ACTIVITY
Look for the word "style" in the entries and copy every line where it shows up.

DATA SECTION
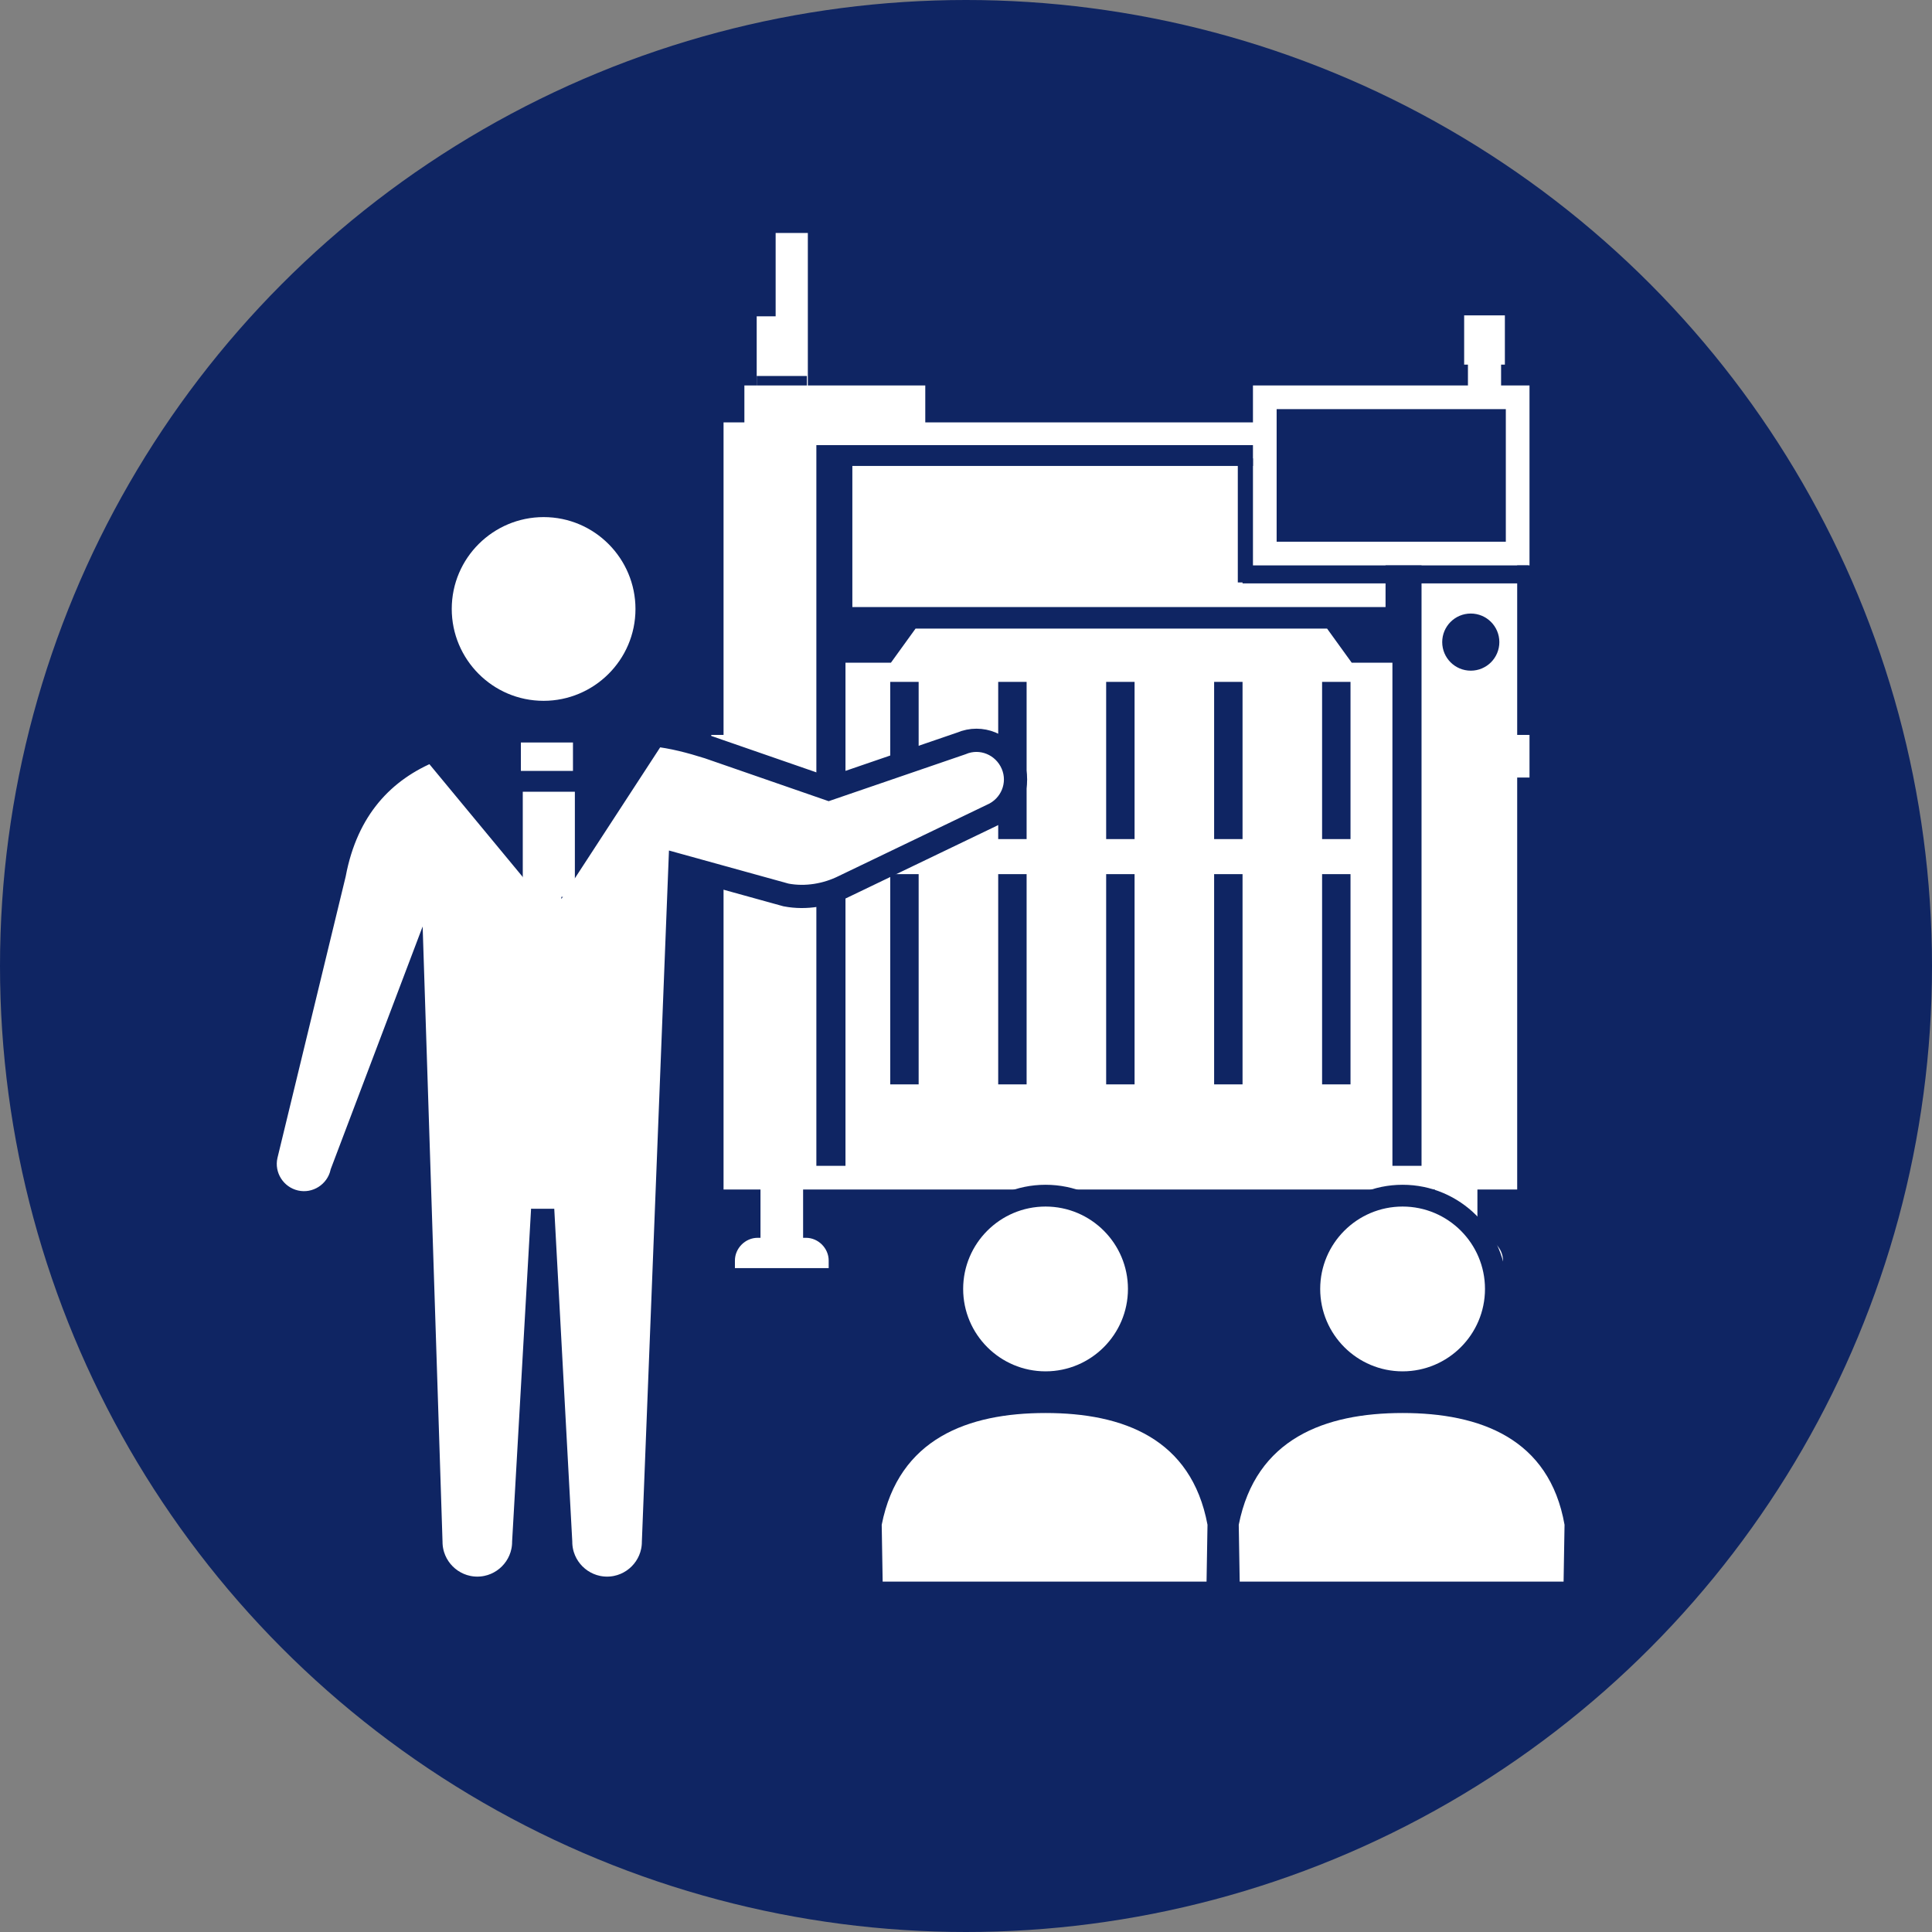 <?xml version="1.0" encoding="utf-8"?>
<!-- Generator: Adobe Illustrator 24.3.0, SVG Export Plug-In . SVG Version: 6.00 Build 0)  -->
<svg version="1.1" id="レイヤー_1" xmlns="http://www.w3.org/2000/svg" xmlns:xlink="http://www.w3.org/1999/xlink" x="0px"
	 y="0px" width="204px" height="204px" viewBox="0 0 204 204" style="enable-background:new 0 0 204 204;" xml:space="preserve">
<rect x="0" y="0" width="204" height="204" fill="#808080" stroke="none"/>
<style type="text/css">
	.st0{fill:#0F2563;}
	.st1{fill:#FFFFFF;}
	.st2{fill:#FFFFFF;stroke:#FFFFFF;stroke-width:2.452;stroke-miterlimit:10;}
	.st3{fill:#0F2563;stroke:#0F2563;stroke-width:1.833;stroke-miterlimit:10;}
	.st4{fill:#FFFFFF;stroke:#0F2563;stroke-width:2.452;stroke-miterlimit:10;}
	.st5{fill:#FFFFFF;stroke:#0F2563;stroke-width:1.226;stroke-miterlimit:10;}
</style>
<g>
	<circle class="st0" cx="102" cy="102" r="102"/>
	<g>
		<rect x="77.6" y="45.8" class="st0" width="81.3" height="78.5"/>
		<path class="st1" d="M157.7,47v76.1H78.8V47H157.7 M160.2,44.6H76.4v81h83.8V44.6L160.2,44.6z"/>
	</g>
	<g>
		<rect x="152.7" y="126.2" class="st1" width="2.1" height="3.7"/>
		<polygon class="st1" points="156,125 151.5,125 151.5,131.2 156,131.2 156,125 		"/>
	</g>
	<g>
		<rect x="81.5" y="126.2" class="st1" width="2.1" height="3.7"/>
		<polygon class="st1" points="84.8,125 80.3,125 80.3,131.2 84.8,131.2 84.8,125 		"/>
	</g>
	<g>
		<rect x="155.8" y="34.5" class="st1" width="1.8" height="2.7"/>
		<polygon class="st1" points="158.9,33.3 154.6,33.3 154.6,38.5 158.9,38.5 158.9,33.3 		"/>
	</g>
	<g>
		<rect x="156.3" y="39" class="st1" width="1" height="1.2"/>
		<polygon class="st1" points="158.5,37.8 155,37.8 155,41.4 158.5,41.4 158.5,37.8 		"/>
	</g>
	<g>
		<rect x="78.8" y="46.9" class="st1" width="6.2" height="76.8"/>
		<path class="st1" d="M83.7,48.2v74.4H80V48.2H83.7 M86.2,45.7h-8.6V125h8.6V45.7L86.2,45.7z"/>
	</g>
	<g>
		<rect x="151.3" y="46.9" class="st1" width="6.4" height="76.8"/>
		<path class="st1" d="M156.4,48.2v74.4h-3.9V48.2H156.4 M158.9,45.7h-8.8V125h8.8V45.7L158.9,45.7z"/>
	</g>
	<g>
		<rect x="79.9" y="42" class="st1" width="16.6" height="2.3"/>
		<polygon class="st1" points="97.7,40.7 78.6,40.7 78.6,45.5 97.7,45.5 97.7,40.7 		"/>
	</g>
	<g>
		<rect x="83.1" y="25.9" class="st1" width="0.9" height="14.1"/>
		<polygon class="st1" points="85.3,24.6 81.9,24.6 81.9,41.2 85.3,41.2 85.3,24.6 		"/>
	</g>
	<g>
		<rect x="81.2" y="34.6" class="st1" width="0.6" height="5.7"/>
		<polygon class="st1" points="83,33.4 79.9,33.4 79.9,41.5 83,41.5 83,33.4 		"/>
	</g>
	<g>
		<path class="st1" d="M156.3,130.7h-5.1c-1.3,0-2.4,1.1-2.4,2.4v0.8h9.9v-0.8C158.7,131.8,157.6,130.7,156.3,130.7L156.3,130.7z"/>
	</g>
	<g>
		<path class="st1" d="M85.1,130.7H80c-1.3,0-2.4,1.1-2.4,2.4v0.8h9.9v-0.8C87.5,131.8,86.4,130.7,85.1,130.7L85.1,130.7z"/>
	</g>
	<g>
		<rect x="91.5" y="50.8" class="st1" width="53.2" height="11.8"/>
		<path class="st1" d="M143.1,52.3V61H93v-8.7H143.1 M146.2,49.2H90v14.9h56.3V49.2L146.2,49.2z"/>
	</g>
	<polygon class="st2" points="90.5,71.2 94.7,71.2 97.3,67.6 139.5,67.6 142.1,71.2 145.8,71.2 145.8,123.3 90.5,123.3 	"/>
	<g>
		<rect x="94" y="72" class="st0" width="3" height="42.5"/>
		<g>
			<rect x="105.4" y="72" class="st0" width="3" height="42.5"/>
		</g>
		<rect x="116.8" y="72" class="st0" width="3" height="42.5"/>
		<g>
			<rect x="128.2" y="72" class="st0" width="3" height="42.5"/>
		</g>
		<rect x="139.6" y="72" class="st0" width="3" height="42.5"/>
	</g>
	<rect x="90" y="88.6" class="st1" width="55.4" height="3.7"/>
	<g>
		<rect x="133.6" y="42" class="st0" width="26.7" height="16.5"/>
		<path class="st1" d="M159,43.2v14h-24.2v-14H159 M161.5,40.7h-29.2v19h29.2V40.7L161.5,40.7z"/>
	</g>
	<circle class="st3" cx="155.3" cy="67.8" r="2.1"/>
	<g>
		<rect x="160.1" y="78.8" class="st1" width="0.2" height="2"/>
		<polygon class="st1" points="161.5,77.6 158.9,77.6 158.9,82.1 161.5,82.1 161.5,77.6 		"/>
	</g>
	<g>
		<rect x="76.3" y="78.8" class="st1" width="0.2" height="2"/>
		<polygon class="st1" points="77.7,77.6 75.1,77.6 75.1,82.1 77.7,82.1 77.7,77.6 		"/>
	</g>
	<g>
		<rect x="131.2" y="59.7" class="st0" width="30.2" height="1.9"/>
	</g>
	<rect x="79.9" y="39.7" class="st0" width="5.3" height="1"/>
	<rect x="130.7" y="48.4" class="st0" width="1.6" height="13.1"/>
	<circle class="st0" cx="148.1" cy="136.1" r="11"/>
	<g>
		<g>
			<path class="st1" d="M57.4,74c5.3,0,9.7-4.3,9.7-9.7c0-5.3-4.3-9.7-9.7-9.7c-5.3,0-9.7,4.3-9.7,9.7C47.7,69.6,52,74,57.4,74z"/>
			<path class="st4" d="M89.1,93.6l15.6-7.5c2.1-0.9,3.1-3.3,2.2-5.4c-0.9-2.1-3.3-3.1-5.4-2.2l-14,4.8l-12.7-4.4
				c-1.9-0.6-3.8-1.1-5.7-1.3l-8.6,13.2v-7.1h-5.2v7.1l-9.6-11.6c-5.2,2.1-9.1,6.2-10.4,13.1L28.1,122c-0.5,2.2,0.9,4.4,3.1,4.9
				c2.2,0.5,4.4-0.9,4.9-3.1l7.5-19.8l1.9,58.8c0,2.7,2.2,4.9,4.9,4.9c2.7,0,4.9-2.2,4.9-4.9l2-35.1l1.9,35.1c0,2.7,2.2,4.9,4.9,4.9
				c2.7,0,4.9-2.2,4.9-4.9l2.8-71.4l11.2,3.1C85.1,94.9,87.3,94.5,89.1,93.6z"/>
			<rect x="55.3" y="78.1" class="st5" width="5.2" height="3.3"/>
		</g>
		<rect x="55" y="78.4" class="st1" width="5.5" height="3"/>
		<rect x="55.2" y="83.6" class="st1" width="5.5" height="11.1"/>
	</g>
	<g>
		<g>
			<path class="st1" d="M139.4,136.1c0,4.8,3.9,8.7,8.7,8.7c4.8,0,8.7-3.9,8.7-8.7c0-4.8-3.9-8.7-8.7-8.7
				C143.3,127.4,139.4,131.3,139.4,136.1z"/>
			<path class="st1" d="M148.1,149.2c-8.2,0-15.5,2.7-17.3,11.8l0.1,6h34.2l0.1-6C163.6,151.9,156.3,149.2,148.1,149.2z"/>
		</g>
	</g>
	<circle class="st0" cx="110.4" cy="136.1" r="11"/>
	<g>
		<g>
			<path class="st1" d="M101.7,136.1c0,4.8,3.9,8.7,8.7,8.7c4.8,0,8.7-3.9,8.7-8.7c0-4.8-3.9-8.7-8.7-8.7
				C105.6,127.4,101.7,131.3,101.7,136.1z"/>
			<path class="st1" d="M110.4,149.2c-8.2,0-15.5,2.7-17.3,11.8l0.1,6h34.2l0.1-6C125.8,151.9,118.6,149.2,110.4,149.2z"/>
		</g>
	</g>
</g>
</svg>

YOUR SOLUTION
	 y="0px" width="204px" height="204px" viewBox="0 0 204 204" style="enable-background:new 0 0 204 204;" xml:space="preserve">
<style type="text/css">
</style>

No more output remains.